When a country’s population gets wealthy enough, its preferences change. One well-established tendency is for richer countries to be more concerned about the environment, take pains to protect it, and even regenerate or recreate what has been lost.

A case in point is Iceland, the North Atlantic island nation most known for Vikings, snowy Game of Thrones scenery and splendid wildlife. For thousands of years, up to 40 percent of this inhospitable and majestic island the size of Kentucky was covered with birch forests and woodlands.

The first Viking settlers arrived on Iceland some 1,150 years ago, chopping down trees for firewood, ship-building, sheep-grazing and for fuel to power their blacksmiths’ forges. By around the year 1000 AD, reported the Museum of Iceland, the native birch forests had all but disappeared.

Today, forests cover less than half a percent of the island. That amounts to around 492 km2 out of a land area of 103,000 km2, according to the United Nations Global Forest Resource Assessment in 2015. Iceland’s own forestry service, using a less stringent definition, cites a figure of 1.9 percent. While grass, trees and moss can and do grow in the windy and rocky sub-Arctic landscape, they grow slowly – even in the lowlands of Iceland.

That said, Icelandic forests are growing again, and have been for some time. The Icelandic Forestry Service states that the switch from net deforestation to net reforestation occurred at some point between 1950 and 1980 – at GDP per capita levels roughly on par with today’s Brazil.

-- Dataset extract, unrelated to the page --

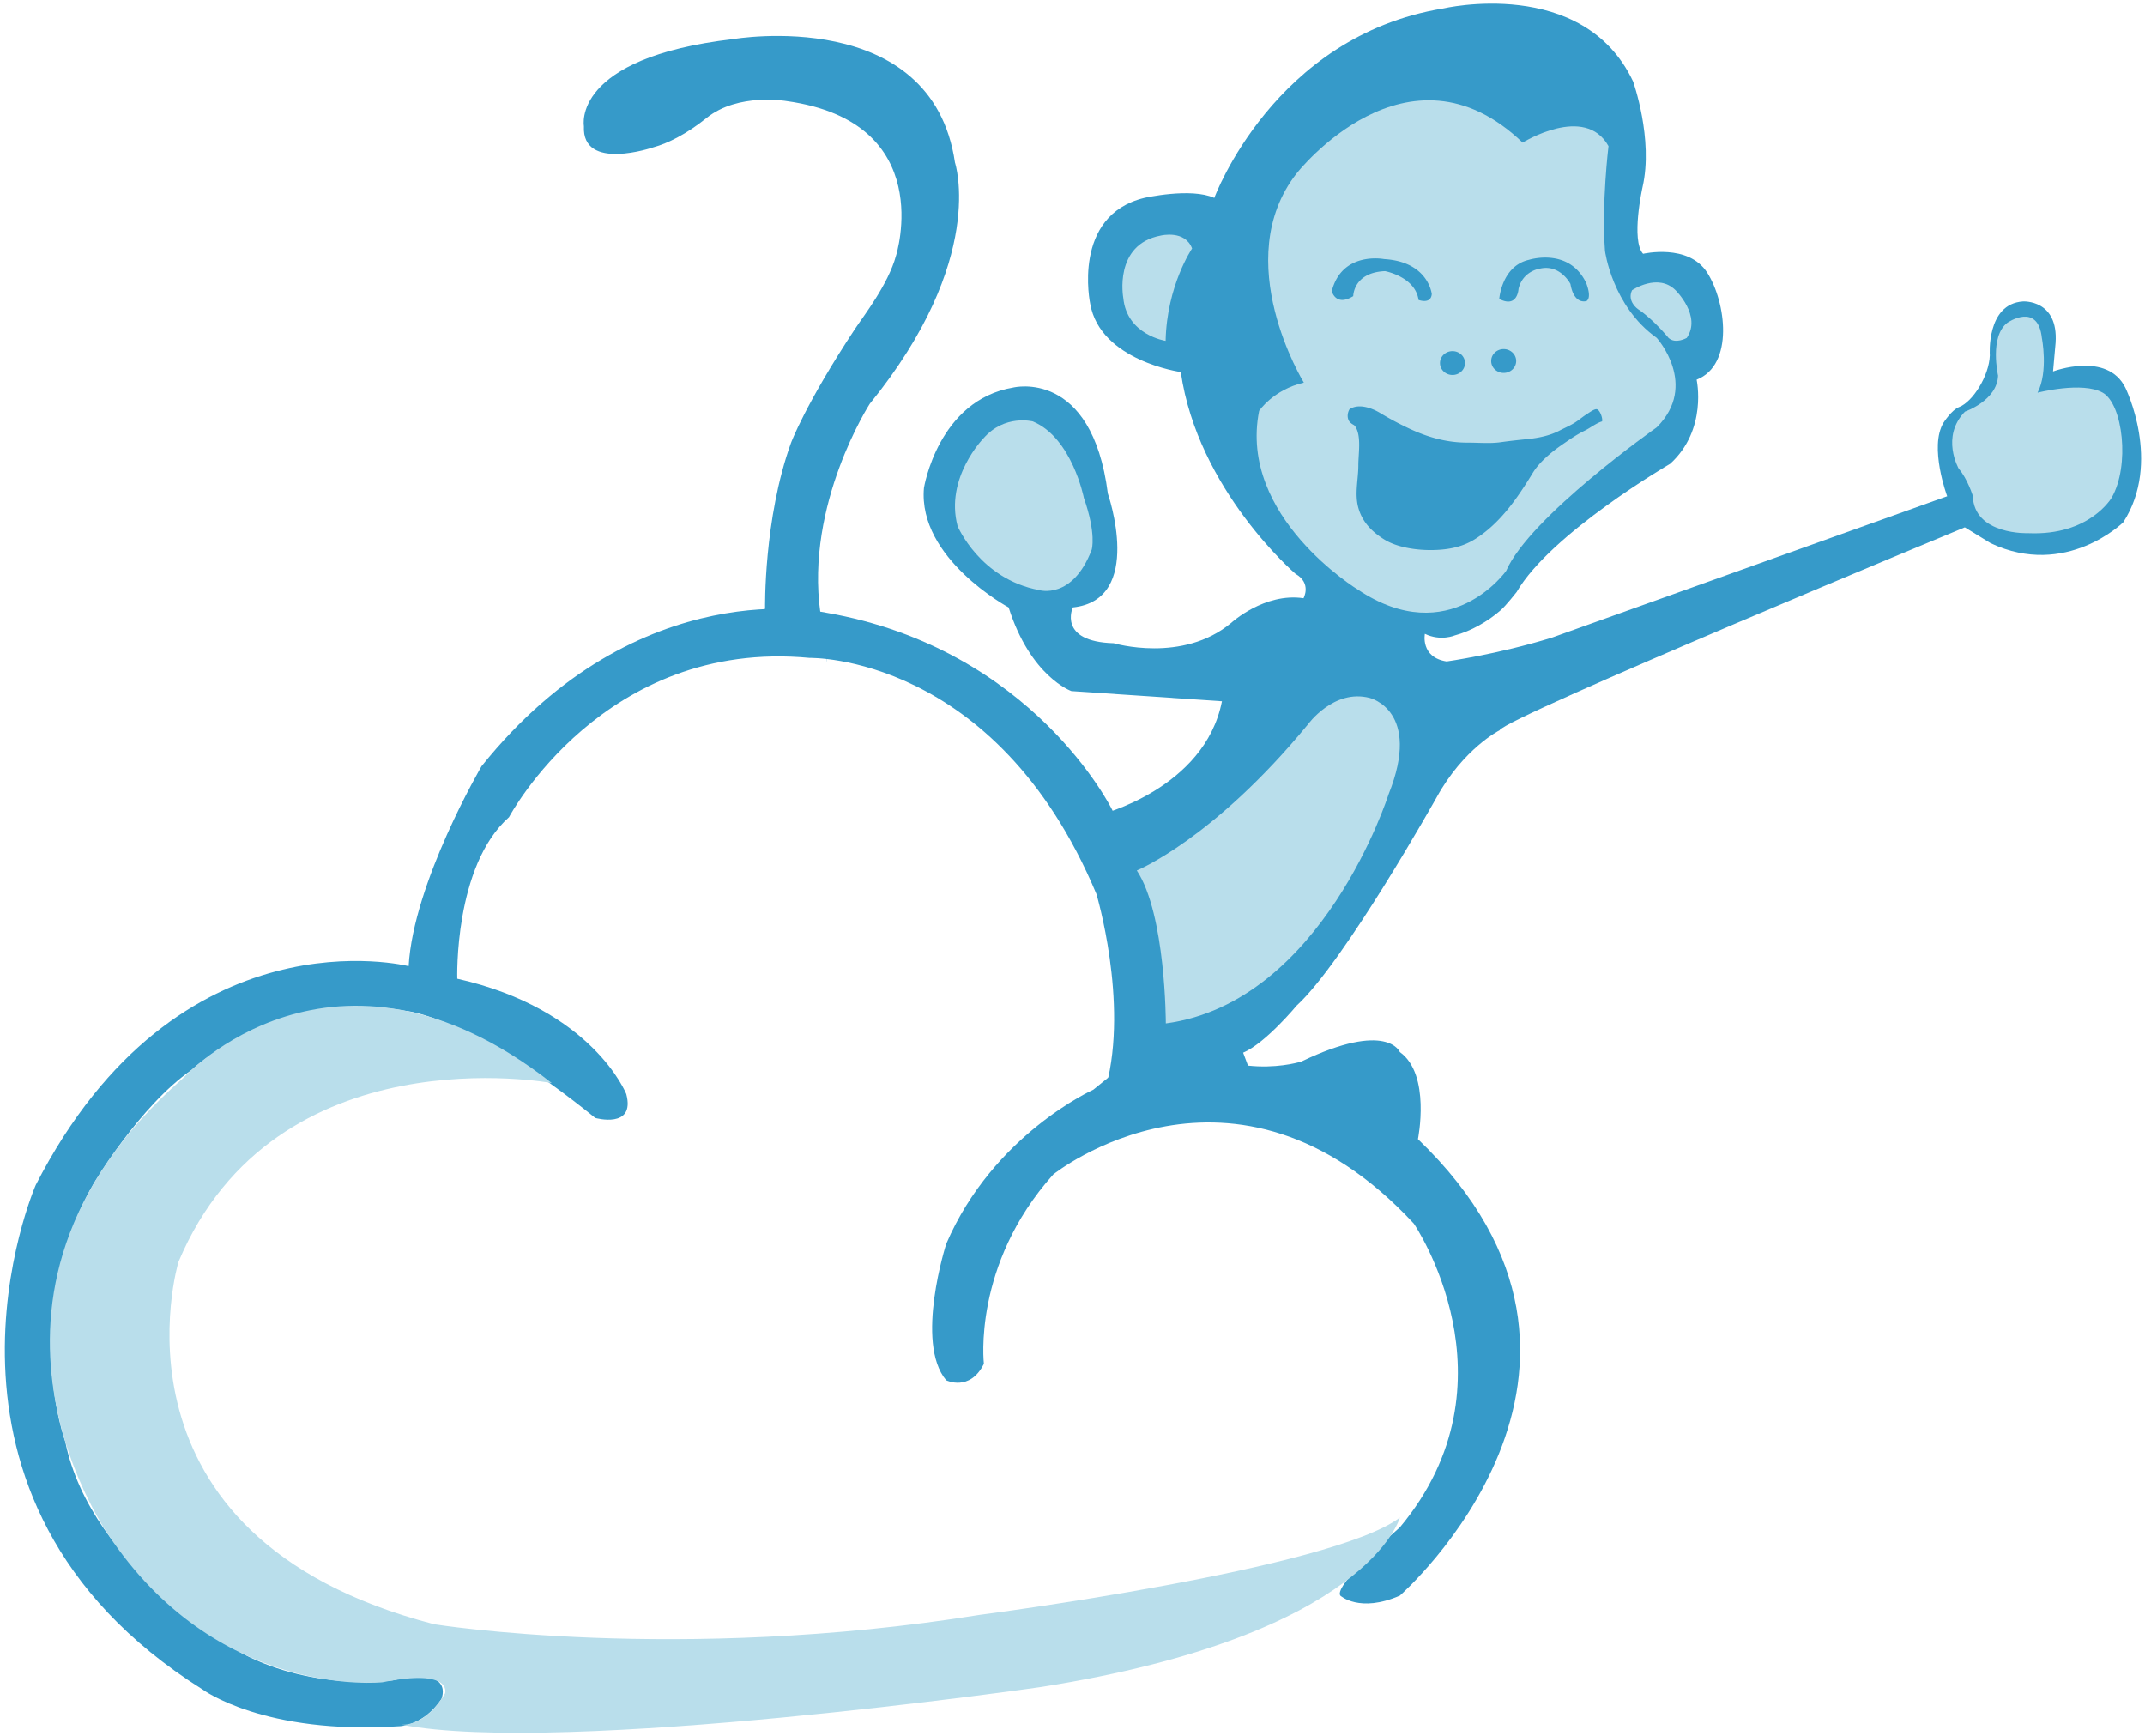 <svg xmlns="http://www.w3.org/2000/svg" width="2500" height="2023" viewBox="0 0 257 208" preserveAspectRatio="xMidYMid"><path d="M24.231 202.41s7.33 5.497 23.636 4.416c0 0 2.858-.049 5-3.243 0 0 1.753-3.981-5.805-2.248 0 0-9.282 1.328-17.959-3.169 0 0-18.237-10.161-21.305-25.443 0 0-5.566-15.068 3.366-30.846 0 0 5.523-9.348 11.752-13.668 0 0 10.381-9.849 25.748-7.083 0 0 7.567.603 22.65 12.821 0 0 4.84 1.363 3.712-2.867 0 0-3.993-10.149-20.252-13.814 0 0-.422-13.485 6.203-19.359 0 0 11.324-21.427 36.04-19.078 0 0 22.273-.517 34.349 28.288 0 0 3.853 12.874 1.175 23.024l15.788-2.819-15.084-30.308s-9.445-19.288-34.255-23.6c0 0-22.413-5.158-41.302 18.384 0 0-8.177 13.955-8.741 23.964 0 0-27.629-7.048-44.686 26.22 0 0-16.446 37.544 19.97 60.428" fill="#369AC9"></path><path d="M167.726 191.179s30.927-27.065 2.17-54.695c0 0 1.58-7.753-2.17-10.432 0 0-1.495-3.805-11.785 1.128 0 0-8.599 2.82-16.07-3.806l-8.881 7.19s-11.982 5.356-17.621 18.466c0 0-3.806 11.841 0 16.352 0 0 2.819 1.41 4.511-1.973 0 0-1.41-11.841 8.317-22.696 0 0 21.629-17.363 43.208 5.896 0 0 12.925 18.914-1.679 36.394 0 0-7.979 6.908-7.133 8.176 0 0 2.284 2.115 7.133 0M91.66 72.936s-.189-10.741 3.102-19.856c0 0 1.705-4.648 7.706-13.721.946-1.432 3.947-5.263 4.887-8.74 0 0 5.075-15.976-13.11-18.509 0 0-5.794-1.032-9.585 2.015-2.397 1.927-4.652 3.055-6.391 3.525 0 0-8.6 2.96-8.318-2.538 0 0-1.55-8.176 17.903-10.431 0 0 23.802-4.088 26.561 14.801 0 0 3.888 11.56-10.209 28.899 0 0-7.753 12.006-5.92 25.033 1.833 13.028 0 .622 0 .622l-2.397 1.551-4.651-2.173" fill="#369AC9"></path><path d="M131.695 97.648s12.646-3.1 14.714-13.625l-18.044-1.221s-4.886-1.715-7.518-10.021c0 0-10.901-5.862-10.149-14.32 0 0 1.691-10.525 10.714-12.029 0 0 9.41-2.326 11.324 12.71 0 0 4.427 12.735-4.201 13.639 0 0-1.861 4.099 4.905 4.288 0 0 8.249 2.443 14.086-2.444 0 0 3.957-3.642 8.657-2.949 0 0 1.01-1.797-.964-2.924 0 0-11.7-10.009-13.744-24.176 0 0-9.656-1.34-10.854-8.176 0 0-2.256-10.573 6.484-12.687 0 0 5.569-1.269 8.388 0 0 0 7.119-19.383 27.418-22.696 0 .001 16.775-3.946 22.766 8.74 0 0 2.467 6.908 1.128 12.687 0 0-1.41 6.344.07 7.965 0 0 5.427-1.269 7.683 2.255 2.255 3.524 3.242 11.066-1.269 12.828 0 0 1.339 5.991-3.172 10.079 0 0-14.308 8.317-18.396 15.366 0 0-1.26 1.609-1.903 2.173-1.547 1.358-3.606 2.521-5.497 3.019 0 0-1.7.736-3.595-.188 0 0-.564 2.819 2.608 3.313 0 0 6.026-.835 12.581-2.844l47.4-16.951s-2.203-5.92-.441-8.81c0 0 .975-1.536 1.862-1.873 1.644-.625 3.606-3.753 3.689-6.197 0 0-.458-6.179 3.982-6.461 0 0 4.252-.258 3.9 4.957l-.305 3.431s6.502-2.467 8.678 1.973c0 0 4.395 8.911-.265 16.1 0 0-6.857 6.759-15.885 2.507l-3.1-1.903S180.311 85.996 179.677 87.5c0 0-4.329 2.184-7.542 8.035 0 0-11.066 19.736-16.775 24.951 0 0-3.735 4.511-6.413 5.639l1.057 2.819h-12.053l-1.409-9.075-1.763-17.779-3.084-4.442" fill="#369AC9"></path><path d="M182.442 17.086s7.472-4.652 10.291.423c0 0-.846 6.907-.423 12.546 0 0 .846 6.625 6.203 10.431 0 0 5.075 5.639 0 10.714 0 0-15.224 10.713-18.044 17.198 0 0-6.766 9.585-17.762 2.255 0 0-14.378-8.74-11.841-21.427 0 0 1.692-2.537 5.357-3.383-.001 0-9.022-14.66-.846-25.092 0 0 13.251-16.916 27.065-3.665M142.831 29.773s-3.031 4.44-3.172 11.066c0 0-4.651-.705-5.074-5.146 0 0-1.199-6.414 4.51-7.471 0 0 2.89-.705 3.736 1.551" fill="#B9DEEB"></path><path d="M195.552 34.777s3.101-2.114 5.216 0c0 0 3.157 3.08 1.339 5.709 0 0-1.339.776-2.185 0 0 0-1.779-2.201-3.664-3.453 0 0-1.34-.917-.706-2.256M129.862 59.657s-1.409-7.189-6.108-9.163c0 0-3.384-.891-5.921 2.022 0 0-4.652 4.746-3.101 10.525 0 0 2.679 6.344 9.773 7.66 0 0 3.995 1.221 6.297-4.841 0 0 .579-1.887-.94-6.203M136.206 104.297s9.174-3.729 20.486-17.479c0 0 3.101-4.324 7.425-3.196 0 0 6.297 1.503 2.255 11.559 0 0-7.894 24.905-26.689 27.442 0 0 0-13.063-3.477-18.326M66.098 129.765s-33.079-6.203-44.732 21.427c0 0-9.962 32.892 30.636 43.417 0 0 29.133 4.699 65.409-1.128 0 0 42.176-5.45 50.315-11.653 0 0-3.703 14.097-42.985 20.3 0 0-57.327 8.27-76.686 4.511 0 0 2.819.375 5.262-3.759 0 0 .941-3.008-7.518-1.316 0 0-19.17 2.067-32.328-16.916 0 0-21.614-29.197 8.458-55.479 0 0 18.044-19.892 44.169.596" fill="#B9DEEB"></path><path d="M171.553 35.236s-.388-3.877-5.709-4.194c0 0-5.04-.987-6.273 3.841 0 0 .458 1.903 2.572.599 0 0-.006-2.835 3.806-2.996 0 0 3.63.667 4.018 3.452 0 0 1.48.566 1.586-.702M179.641 35.817s.282-3.947 3.559-4.688c0 0 4.758-1.532 6.837 2.732 0 0 .74 1.728.07 2.203 0 0-1.488.546-1.938-2.044 0 0-1.198-2.344-3.577-1.851 0 0-2.114.23-2.643 2.449 0 0-.105 2.344-2.308 1.199M161.767 48.991c1.079-.665 2.634-.095 3.62.507a36.868 36.868 0 0 0 3.373 1.807c2.225 1.053 4.536 1.734 7.056 1.727 1.307-.003 2.699.133 3.983-.048 1.07-.15 2.17-.269 3.239-.377 1.3-.131 2.651-.403 3.833-1.021.591-.309 1.183-.555 1.754-.904.532-.326 1.023-.758 1.537-1.08.236-.148.875-.621 1.16-.57.38.07.742 1.097.642 1.456-.721.213-1.412.787-2.102 1.121-.957.463-1.85 1.092-2.724 1.694-1.237.855-2.685 2.058-3.473 3.347-1.845 3.023-3.94 6.102-7.001 7.988-1.608.99-3.411 1.27-5.276 1.27-1.771-.001-4.013-.324-5.538-1.277-1.482-.925-2.629-2.094-3.099-3.798-.465-1.689.003-3.381.003-5.096 0-1.337.356-3.319-.281-4.491-.217-.404-.3-.284-.661-.596-.277-.241-.418-.695-.285-1.212.021-.089.149-.454.24-.447M175.535 43.499c0 .789-.67 1.428-1.497 1.428-.828 0-1.499-.639-1.499-1.428 0-.788.671-1.427 1.499-1.427.827 0 1.497.639 1.497 1.427M181.667 43.253c0 .788-.671 1.427-1.498 1.427s-1.497-.639-1.497-1.427c0-.789.67-1.427 1.497-1.427.827 0 1.498.638 1.498 1.427" fill="#369AC9"></path><path d="M234.701 56.157s-2.197-3.819.749-6.839c0 0 3.857-1.322 3.962-4.312 0 0-1.063-4.705 1.135-6.349 0 0 3.645-2.501 4.115 1.836 0 0 .794 4.02-.515 6.555 0 0 5.376-1.38 7.807 0 2.432 1.381 3.274 8.755 1.077 12.575 0 0-2.619 4.574-9.96 4.263 0 0-6.546.267-6.687-4.487 0 0-.631-2.028-1.683-3.242" fill="#B9DEEB"></path></svg>

That’s just what the environmental Kuznets curve would predict. At first, during a country’s transformation from a poor and agricultural economy into a richer and more industrialized economy, its environment suffers. At GDP per capita of somewhere close to $5,500 (in 2005 U.S. dollars), a turning point generally occurs – people become more environmentally conscious and nature starts to recover.

From 1990 to 2015, Iceland’s forest area has grown at a compounded rate of 5 percent annually – tripling the island’s forest area. In some places, the photo shots of forests 50 years apart are as stunning and impressive as the withdrawal of the glaciers are substantial and scary. About one-fifth of the now-standing forests are classified as naturally regenerated forest, with the rest being planted in one form or another.

For decades, the forest service has funded reforestation efforts, and replanted forests are now a frequent sight in many areas of the island. That was done for commercial reasons as well as for protecting the soil from erosion. Even after the shock of the financial crisis in 2008, millions of trees have been planted every year, and efforts to regrow old forests and afforest new areas abound.

Afforestation efforts around the island include planting of forests in areas where they can protect towns and villages against dust storms emanating from the ever-eroding layers of volcanic soil. Icelanders are even experimenting with non-native tree species that could better deal with unpredictable effects of climate change in the future.

Even in the highland area of Thorsmark, the birch tree is returning after much effort by the forest service and concerned farmers who gave up their sheep grazing rights. Some of the afforestation includes non-native tree types, like the odd and orderly planted spruce, and pine trees that are visible along Iceland’s ring road. Different species are experimented with, ranging from iconic and native birch trees to other foreign species (e.g., Sitka spruce, Lodgepole pine and Russian larch). Slowly, Icelandic flora are making a comeback.

Interestingly, the forestation efforts have also received a welcome tailwind from an unexpected course – climate change and global warming. With slightly warmer temperatures and higher carbon dioxide concentration in the atmosphere, the saplings of Iceland’s sprawling forests are booming. Carbon dioxide is, after all, plant food and most places in Iceland that are suitable for forestry have an abundance of water from rain, snow and glacier meltwater. Over the last 40 years, the tree line has moved up the mountains – in some places by as much as 100 meters – allowing trees to grow in areas previously unavailable for afforestation.

The deforestation of this rich and pristine North Atlantic island nation happened largely because of rapacious Vikings, not because of the furnace of modern industry. The result, however, was the same: the barren and desolate landscape that welcomes visitors in today’s largely tree-less Iceland. Thanks to human affluence, human perseverance and, even, global warming – Iceland can once again become a great forested island.